Terça-feira, 24.12.13

(EXCERTO DE UM CONTO DE RAMALHO ORTIGÃO)

 

“…Depois celebrava-se a ceia, o mais solene banquete da família minhota. Tinham vindo os filhos, as noras, os genros, os netos. Acrescentava-se a mesa. Punha-se a toalha grande. Os talheres de cerimónia, os copos de pé, as velhas garrafas douradas. Acendiam-se mil luzes nos castiçais de prata. As criadas, de roupinhas novas, iam e vinham activamente com as rimas de pratos, contando os talheres, partindo o pão, colocando a fruta, desrolhando as garrafas.

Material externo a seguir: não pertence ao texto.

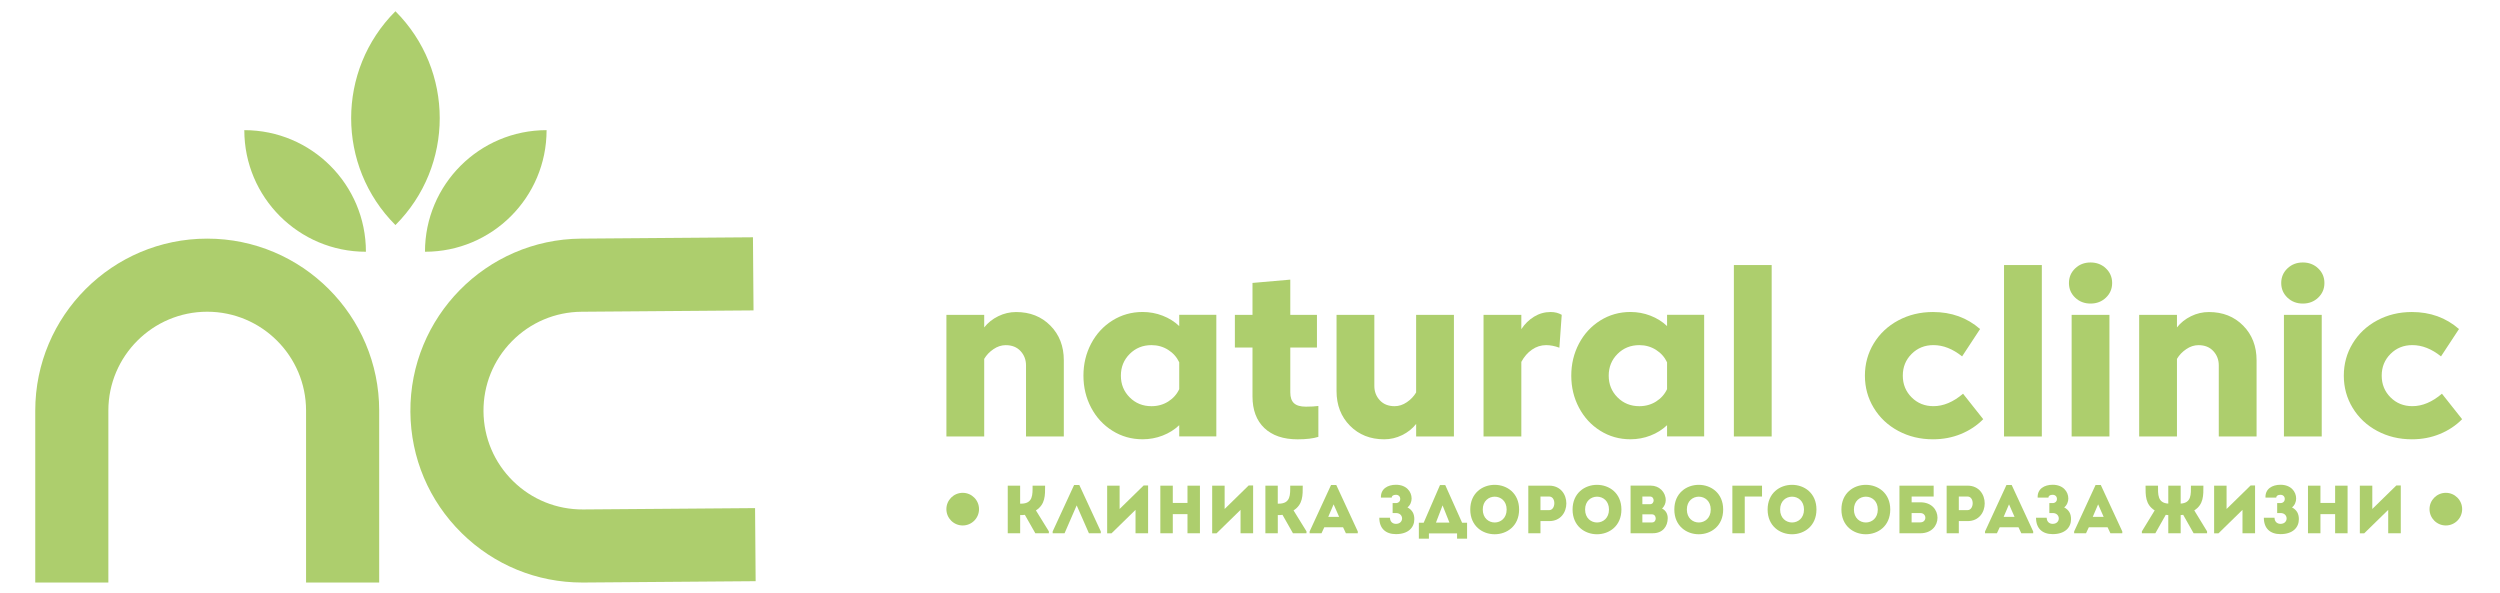 <?xml version="1.0" encoding="UTF-8"?> <!-- Generator: Adobe Illustrator 24.0.2, SVG Export Plug-In . SVG Version: 6.00 Build 0) --> <svg xmlns="http://www.w3.org/2000/svg" xmlns:xlink="http://www.w3.org/1999/xlink" id="Слой_1" x="0px" y="0px" viewBox="0 0 1041.7 247.15" style="enable-background:new 0 0 1041.7 247.15;" xml:space="preserve"> <style type="text/css"> .st0{fill:#A6ABA3;} .st1{fill:#ADCE6D;} .st2{fill:#FFFFFF;} </style> <g> <g> <path class="st1" d="M158,171.08v71.66h-30.47v-71.66c0-22.71-18.48-41.19-41.19-41.19s-41.19,18.48-41.19,41.19v71.66H14.69 v-71.66c0-39.51,32.14-71.65,71.65-71.65S158,131.57,158,171.08z"></path> <path class="st1" d="M314.86,242.17l-71.65,0.56c-0.19,0-0.38,0-0.57,0c-18.93,0-36.75-7.3-50.26-20.59 c-13.64-13.43-21.23-31.36-21.38-50.5c-0.31-39.51,31.58-71.9,71.09-72.21l71.65-0.56l0.24,30.47l-71.65,0.56 c-11,0.09-21.31,4.45-29.03,12.29c-7.72,7.84-11.92,18.22-11.84,29.22c0.09,11,4.45,21.31,12.29,29.03 c7.84,7.72,18.24,11.9,29.22,11.84l71.65-0.56L314.86,242.17z"></path> </g> <g> <path class="st1" d="M164.77,4.69L164.77,4.69L164.77,4.69c-24.6,24.6-24.6,64.49,0,89.09v0l0,0 C189.38,69.18,189.38,29.29,164.77,4.69z"></path> <path class="st1" d="M101.8,54.23c0,27.99,22.69,50.67,50.67,50.67v0C152.48,76.92,129.79,54.23,101.8,54.23z"></path> <path class="st1" d="M227.75,54.23c-27.99,0-50.67,22.69-50.67,50.67v0C205.06,104.91,227.75,82.22,227.75,54.23L227.75,54.23z"></path> </g> </g> <g> <g> <path class="st1" d="M419.91,222.2v-19.84c1.7,0,3.4,0,5.16,0v7.51h0.37c5.07,0,4.82-3.8,4.82-7.51c1.73,0,3.46,0,5.22,0 c0,4.05,0.11,7.79-3.83,10.32l5.39,8.73v0.79h-5.64l-4.36-7.68c-0.68,0.11-1.3,0.11-1.96,0.11v7.57 C423.32,222.2,421.62,222.2,419.91,222.2z"></path> <path class="st1" d="M443.58,222.2h-4.96v-0.74l8.93-19.36h2.18l8.96,19.36v0.74h-4.96l-5.1-11.62L443.58,222.2z"></path> <path class="st1" d="M463.14,222.23h-1.81v-19.87c1.73,0,3.46,0,5.19,0v9.72l10.03-9.81h1.84v19.93c-1.73,0-3.49,0-5.24,0v-9.75 L463.14,222.23z"></path> <path class="st1" d="M499.99,222.2c-1.73,0-3.46,0-5.19,0v-7.96h-6.12v7.96c-1.73,0-3.49,0-5.19,0v-19.84c1.7,0,3.46,0,5.19,0v7.2 h6.12v-7.2c1.73,0,3.46,0,5.19,0V222.2z"></path> <path class="st1" d="M506.9,222.23h-1.81v-19.87c1.73,0,3.46,0,5.19,0v9.72l10.03-9.81h1.84v19.93c-1.73,0-3.49,0-5.24,0v-9.75 L506.9,222.23z"></path> <path class="st1" d="M527.26,222.2v-19.84c1.7,0,3.4,0,5.16,0v7.51h0.37c5.07,0,4.82-3.8,4.82-7.51c1.73,0,3.46,0,5.22,0 c0,4.05,0.11,7.79-3.83,10.32l5.39,8.73v0.79h-5.64l-4.36-7.68c-0.68,0.11-1.3,0.11-1.96,0.11v7.57 C530.66,222.2,528.96,222.2,527.26,222.2z"></path> <path class="st1" d="M559.63,219.7h-7.82l-1.16,2.49h-4.96v-0.74l8.93-19.36h2.18l8.96,19.36v0.74h-4.96L559.63,219.7z M555.69,210.15l-2.24,5.22h4.54L555.69,210.15z"></path> <path class="st1" d="M575.41,207.35c-0.17-3.66,2.81-5.36,6.26-5.36c4.34,0,6.52,2.86,6.52,5.75c0,1.3-0.57,2.81-1.73,3.68 c2.01,1.08,2.86,2.66,2.86,4.9c0,3.51-2.55,6.24-7.65,6.24c-4.31,0-6.94-2.38-6.94-6.83h4.45c0,1.56,1.02,2.55,2.49,2.55 c3.4,0,3.4-4.51,0-4.51h-1.39v-4.14h1.33c2.49,0,2.44-3.46,0.06-3.46c-1.11,0-1.76,0.43-1.76,1.16H575.41z"></path> <path class="st1" d="M595.4,224.44h-4.19v-6.63h2.01l6.8-15.7h2.18l7.03,15.7h2.07v6.63h-4.17v-2.18H595.4V224.44z M598.34,217.75 h5.61l-2.86-7.17L598.34,217.75z"></path> <path class="st1" d="M612.63,212.31c0-13.72,20.35-13.72,20.35,0C632.98,226.05,612.63,226.05,612.63,212.31z M627.79,212.31 c0-7.14-9.95-7.14-9.95,0C617.85,219.51,627.79,219.51,627.79,212.31z"></path> <path class="st1" d="M636.81,222.2c0-6.6,0-13.21,0-19.84c2.86,0,5.81,0,8.73,0c9.5,0.03,9.5,14.77,0,14.77h-3.66v5.07 C640.18,222.2,638.48,222.2,636.81,222.2z M645.51,206.89c-1.19-0.03-2.47,0-3.63,0c0,1.62,0,4.05,0,5.67h3.63 C648.29,212.56,648.46,206.92,645.51,206.89z"></path> <path class="st1" d="M655.26,212.31c0-13.72,20.35-13.72,20.35,0C675.61,226.05,655.26,226.05,655.26,212.31z M670.43,212.31 c0-7.14-9.95-7.14-9.95,0C660.48,219.51,670.43,219.51,670.43,212.31z"></path> <path class="st1" d="M692.53,211.88c1.62,0.82,2.38,2.3,2.38,4.05c-0.03,3.46-2.13,6.26-6.18,6.26h-9.3v-19.84h8.47 c3.43,0,6.18,2.66,6.18,6.09C694.09,209.64,693.5,211.09,692.53,211.88z M684.34,206.89v3.2h3.2c2.01,0,2.01-3.2-0.03-3.2H684.34z M684.34,214.32v3.37h4.05c2.04,0,2.01-3.37-0.03-3.37H684.34z"></path> <path class="st1" d="M697.66,212.31c0-13.72,20.35-13.72,20.35,0C718.02,226.05,697.66,226.05,697.66,212.31z M712.83,212.31 c0-7.14-9.95-7.14-9.95,0C702.88,219.51,712.83,219.51,712.83,212.31z"></path> <path class="st1" d="M727,222.2c-1.7,0-3.43,0-5.16,0v-19.84c4.05,0,8.3,0,12.36,0c0,1.67,0,2.83,0,4.54H727V222.2z"></path> <path class="st1" d="M736.53,212.31c0-13.72,20.35-13.72,20.35,0C756.88,226.05,736.53,226.05,736.53,212.31z M751.69,212.31 c0-7.14-9.95-7.14-9.95,0C741.74,219.51,751.69,219.51,751.69,212.31z"></path> <path class="st1" d="M767.28,212.31c0-13.72,20.35-13.72,20.35,0C787.63,226.05,767.28,226.05,767.28,212.31z M782.44,212.31 c0-7.14-9.95-7.14-9.95,0C772.5,219.51,782.44,219.51,782.44,212.31z"></path> <path class="st1" d="M800.19,209.3c9.5,0,9.5,12.87,0,12.9h-8.73v-19.84h14.26v4.54h-9.18v2.41H800.19z M796.53,213.78v3.88 c1.16,0,2.44,0,3.63,0c2.81,0,2.78-3.88,0-3.88H796.53z"></path> <path class="st1" d="M811.13,222.2c0-6.6,0-13.21,0-19.84c2.86,0,5.81,0,8.73,0c9.5,0.03,9.5,14.77,0,14.77h-3.66v5.07 C814.5,222.2,812.8,222.2,811.13,222.2z M819.83,206.89c-1.19-0.03-2.47,0-3.63,0c0,1.62,0,4.05,0,5.67h3.63 C822.61,212.56,822.78,206.92,819.83,206.89z"></path> <path class="st1" d="M841.06,219.7h-7.82l-1.16,2.49h-4.96v-0.74l8.93-19.36h2.18l8.96,19.36v0.74h-4.96L841.06,219.7z M837.12,210.15l-2.24,5.22h4.54L837.12,210.15z"></path> <path class="st1" d="M849.05,207.35c-0.17-3.66,2.81-5.36,6.26-5.36c4.34,0,6.52,2.86,6.52,5.75c0,1.3-0.57,2.81-1.73,3.68 c2.01,1.08,2.86,2.66,2.86,4.9c0,3.51-2.55,6.24-7.65,6.24c-4.31,0-6.94-2.38-6.94-6.83h4.45c0,1.56,1.02,2.55,2.49,2.55 c3.4,0,3.4-4.51,0-4.51h-1.39v-4.14h1.33c2.49,0,2.44-3.46,0.06-3.46c-1.11,0-1.76,0.43-1.76,1.16H849.05z"></path> <path class="st1" d="M878.19,219.7h-7.82l-1.16,2.49h-4.96v-0.74l8.93-19.36h2.18l8.96,19.36v0.74h-4.96L878.19,219.7z M874.25,210.15l-2.24,5.22h4.54L874.25,210.15z"></path> <path class="st1" d="M903.48,214.63c-0.31,0-0.68-0.06-1.05-0.11l-4.34,7.68h-5.61v-0.79l5.33-8.73c-3.94-2.52-3.8-6.26-3.8-10.32 h5.19c0,3.57-0.25,7.23,4.28,7.48v-7.48h5.16v7.48c4.54-0.26,4.28-3.91,4.28-7.48h5.19c0,4.05,0.14,7.79-3.8,10.32l5.33,8.73v0.79 h-5.61l-4.34-7.68c-0.37,0.06-0.74,0.11-1.05,0.11v7.57h-5.16V214.63z"></path> <path class="st1" d="M924.39,222.23h-1.81v-19.87c1.73,0,3.46,0,5.19,0v9.72l10.03-9.81h1.84v19.93c-1.73,0-3.49,0-5.24,0v-9.75 L924.39,222.23z"></path> <path class="st1" d="M943.98,207.35c-0.17-3.66,2.81-5.36,6.26-5.36c4.34,0,6.52,2.86,6.52,5.75c0,1.3-0.57,2.81-1.73,3.68 c2.01,1.08,2.86,2.66,2.86,4.9c0,3.51-2.55,6.24-7.65,6.24c-4.31,0-6.94-2.38-6.94-6.83h4.45c0,1.56,1.02,2.55,2.49,2.55 c3.4,0,3.4-4.51,0-4.51h-1.39v-4.14h1.33c2.49,0,2.44-3.46,0.06-3.46c-1.11,0-1.76,0.43-1.76,1.16H943.98z"></path> <path class="st1" d="M978.19,222.2c-1.73,0-3.46,0-5.19,0v-7.96h-6.12v7.96c-1.73,0-3.49,0-5.19,0v-19.84c1.7,0,3.46,0,5.19,0v7.2 h6.12v-7.2c1.73,0,3.46,0,5.19,0V222.2z"></path> <path class="st1" d="M985.11,222.23h-1.81v-19.87c1.73,0,3.46,0,5.19,0v9.72l10.03-9.81h1.84v19.93c-1.73,0-3.49,0-5.24,0v-9.75 L985.11,222.23z"></path> </g> <g> <path class="st1" d="M410.1,149.53v32.34h-15.75v-50.68h15.75v5.24c1.53-1.96,3.48-3.51,5.85-4.67c2.36-1.16,4.85-1.74,7.46-1.74 c5.77,0,10.53,1.88,14.26,5.65c3.73,3.77,5.6,8.59,5.6,14.46v31.75h-15.75v-29.65c0-2.32-0.76-4.3-2.27-5.94 c-1.52-1.65-3.58-2.47-6.19-2.47c-1.76,0-3.46,0.55-5.09,1.66C412.33,146.58,411.04,147.94,410.1,149.53z"></path> <path class="st1" d="M491.36,181.87v-4.7c-1.96,1.86-4.26,3.3-6.92,4.33c-2.66,1.03-5.44,1.54-8.34,1.54 c-4.6,0-8.79-1.18-12.57-3.55c-3.78-2.36-6.74-5.58-8.88-9.64c-2.14-4.06-3.2-8.5-3.2-13.33c0-4.83,1.07-9.27,3.2-13.33 c2.14-4.06,5.1-7.27,8.88-9.64c3.78-2.36,7.97-3.55,12.57-3.55c2.9,0,5.68,0.51,8.34,1.54c2.66,1.03,4.97,2.47,6.92,4.33v-4.7 h15.46v50.68H491.36z M479.81,169.25c2.58,0,4.89-0.64,6.95-1.93c2.05-1.29,3.59-3.01,4.6-5.16v-11.2 c-1.01-2.15-2.55-3.88-4.62-5.19c-2.07-1.3-4.38-1.96-6.92-1.96c-3.62,0-6.65,1.22-9.1,3.67c-2.45,2.45-3.67,5.46-3.67,9.05 c0,3.59,1.22,6.6,3.67,9.05C473.16,168.03,476.19,169.25,479.81,169.25z"></path> <path class="st1" d="M537.64,144.79v18.74c0,2.02,0.51,3.52,1.54,4.48c1.03,0.96,2.68,1.44,4.97,1.44c2.09,0,3.82-0.1,5.19-0.29 v12.87c-2.15,0.68-5.04,1.03-8.66,1.03c-5.94,0-10.55-1.57-13.85-4.7c-3.29-3.13-4.94-7.53-4.94-13.21v-20.35h-7.34v-13.6h7.34 v-13.31l15.75-1.37v14.68h11.11v13.6H537.64z"></path> <path class="st1" d="M590.08,181.87v-5.23c-1.53,1.96-3.48,3.51-5.85,4.67c-2.37,1.16-4.85,1.74-7.46,1.74 c-5.77,0-10.53-1.88-14.26-5.65c-3.73-3.77-5.6-8.59-5.6-14.46v-31.75h15.75v29.65c0,2.32,0.76,4.3,2.27,5.94 c1.52,1.65,3.58,2.47,6.19,2.47c1.76,0,3.46-0.55,5.09-1.66c1.63-1.11,2.92-2.46,3.86-4.06v-32.34h15.75v50.68H590.08z"></path> <path class="st1" d="M644.24,143.81c-2.12,0-4.09,0.63-5.9,1.88c-1.81,1.26-3.29,2.96-4.43,5.11v31.07h-15.75v-50.68h15.75v5.97 c1.4-2.15,3.16-3.88,5.28-5.19c2.12-1.3,4.44-1.96,6.95-1.96c1.73,0,3.26,0.39,4.6,1.17l-0.98,13.7 C647.84,144.17,646,143.81,644.24,143.81z"></path> <path class="st1" d="M694.63,181.87v-4.7c-1.96,1.86-4.26,3.3-6.92,4.33c-2.66,1.03-5.44,1.54-8.34,1.54 c-4.6,0-8.79-1.18-12.57-3.55c-3.78-2.36-6.74-5.58-8.88-9.64c-2.14-4.06-3.2-8.5-3.2-13.33c0-4.83,1.07-9.27,3.2-13.33 c2.14-4.06,5.1-7.27,8.88-9.64c3.78-2.36,7.97-3.55,12.57-3.55c2.9,0,5.68,0.51,8.34,1.54c2.66,1.03,4.97,2.47,6.92,4.33v-4.7 h15.46v50.68H694.63z M683.08,169.25c2.58,0,4.89-0.64,6.95-1.93c2.05-1.29,3.59-3.01,4.6-5.16v-11.2 c-1.01-2.15-2.55-3.88-4.62-5.19c-2.07-1.3-4.38-1.96-6.92-1.96c-3.62,0-6.65,1.22-9.1,3.67c-2.45,2.45-3.67,5.46-3.67,9.05 c0,3.59,1.22,6.6,3.67,9.05C676.43,168.03,679.46,169.25,683.08,169.25z"></path> <path class="st1" d="M722.47,181.87v-71.43h15.75v71.43H722.47z"></path> <path class="st1" d="M805.44,183.05c-5.32,0-10.14-1.17-14.48-3.5c-4.34-2.33-7.74-5.53-10.2-9.59 c-2.46-4.06-3.69-8.54-3.69-13.43s1.23-9.37,3.69-13.43c2.46-4.06,5.86-7.26,10.2-9.59c4.34-2.33,9.17-3.5,14.48-3.5 c7.66,0,14.2,2.36,19.62,7.09l-7.49,11.4c-3.91-3.13-7.89-4.7-11.94-4.7c-3.62,0-6.65,1.22-9.1,3.67 c-2.45,2.45-3.67,5.46-3.67,9.05c0,3.59,1.22,6.6,3.67,9.05c2.45,2.45,5.48,3.67,9.1,3.67c4.17,0,8.28-1.73,12.33-5.19l8.41,10.62 c-2.61,2.64-5.71,4.7-9.3,6.17C813.49,182.31,809.61,183.05,805.44,183.05z"></path> <path class="st1" d="M835.04,181.87v-71.43h15.75v71.43H835.04z"></path> <path class="st1" d="M864.68,124.02c-1.73-1.65-2.59-3.68-2.59-6.09c0-2.41,0.86-4.44,2.59-6.09c1.73-1.65,3.86-2.47,6.41-2.47 c2.54,0,4.68,0.82,6.41,2.47c1.73,1.65,2.59,3.68,2.59,6.09c0,2.41-0.86,4.44-2.59,6.09c-1.73,1.65-3.86,2.47-6.41,2.47 C868.55,126.49,866.41,125.67,864.68,124.02z M863.21,181.87v-50.68h15.75v50.68H863.21z"></path> <path class="st1" d="M907.1,149.53v32.34h-15.75v-50.68h15.75v5.24c1.53-1.96,3.48-3.51,5.85-4.67c2.36-1.16,4.85-1.74,7.46-1.74 c5.77,0,10.53,1.88,14.26,5.65c3.73,3.77,5.6,8.59,5.6,14.46v31.75h-15.75v-29.65c0-2.32-0.76-4.3-2.27-5.94 c-1.52-1.65-3.58-2.47-6.19-2.47c-1.76,0-3.46,0.55-5.09,1.66C909.33,146.58,908.04,147.94,907.1,149.53z"></path> <path class="st1" d="M953.13,124.02c-1.73-1.65-2.59-3.68-2.59-6.09c0-2.41,0.86-4.44,2.59-6.09c1.73-1.65,3.86-2.47,6.41-2.47 c2.54,0,4.68,0.82,6.41,2.47c1.73,1.65,2.59,3.68,2.59,6.09c0,2.41-0.86,4.44-2.59,6.09c-1.73,1.65-3.86,2.47-6.41,2.47 C957,126.49,954.86,125.67,953.13,124.02z M951.67,181.87v-50.68h15.75v50.68H951.67z"></path> <path class="st1" d="M1004.99,183.05c-5.32,0-10.14-1.17-14.48-3.5c-4.34-2.33-7.74-5.53-10.2-9.59 c-2.46-4.06-3.69-8.54-3.69-13.43s1.23-9.37,3.69-13.43c2.46-4.06,5.86-7.26,10.2-9.59c4.34-2.33,9.17-3.5,14.48-3.5 c7.66,0,14.2,2.36,19.62,7.09l-7.49,11.4c-3.91-3.13-7.89-4.7-11.94-4.7c-3.62,0-6.65,1.22-9.1,3.67 c-2.45,2.45-3.67,5.46-3.67,9.05c0,3.59,1.22,6.6,3.67,9.05c2.45,2.45,5.48,3.67,9.1,3.67c4.17,0,8.28-1.73,12.33-5.19l8.41,10.62 c-2.61,2.64-5.71,4.7-9.3,6.17C1013.05,182.31,1009.17,183.05,1004.99,183.05z"></path> </g> <g> <circle class="st1" cx="1019.13" cy="212.15" r="6.8"></circle> <circle class="st1" cx="401.14" cy="212.15" r="6.8"></circle> </g> </g> </svg>

Os que tinham chegado de longe nessa mesma noite davam abraços, recebiam beijos, pediam novidades, contavam histórias, acidentes da viagem; os caminhos estavam uns barrocais medonhos; e falavam da saraivada, da neve, do frio da noite, esfregando as mãos de satisfação por se acharem enxutos, agasalhados, confortados, quentes, na expectativa de uma boa ceia, sentados no velho canapé de família.

E o nordeste assobiava pelas fisgas das janelas; ouvia-se ao longe bramir o mar ou zoar a carvalheira, enquanto da cozinha, onde ardia no lar a grande fogueira, chegava um respiro tépido o aroma do vinho quente fervido com mel, com passas de Alicante e com canela.

Finalmente o bacalhau guisado, como a brandade da Provença, dava a última fervura, as frituras de abóbora-menina, as rabanadas, as orelhas-de-abade tinham saído da frigideira e acabavam de ser empilhadas em pirâmide nas travessas grandes. Uma voz dizia: - Para a mesa! Para a mesa!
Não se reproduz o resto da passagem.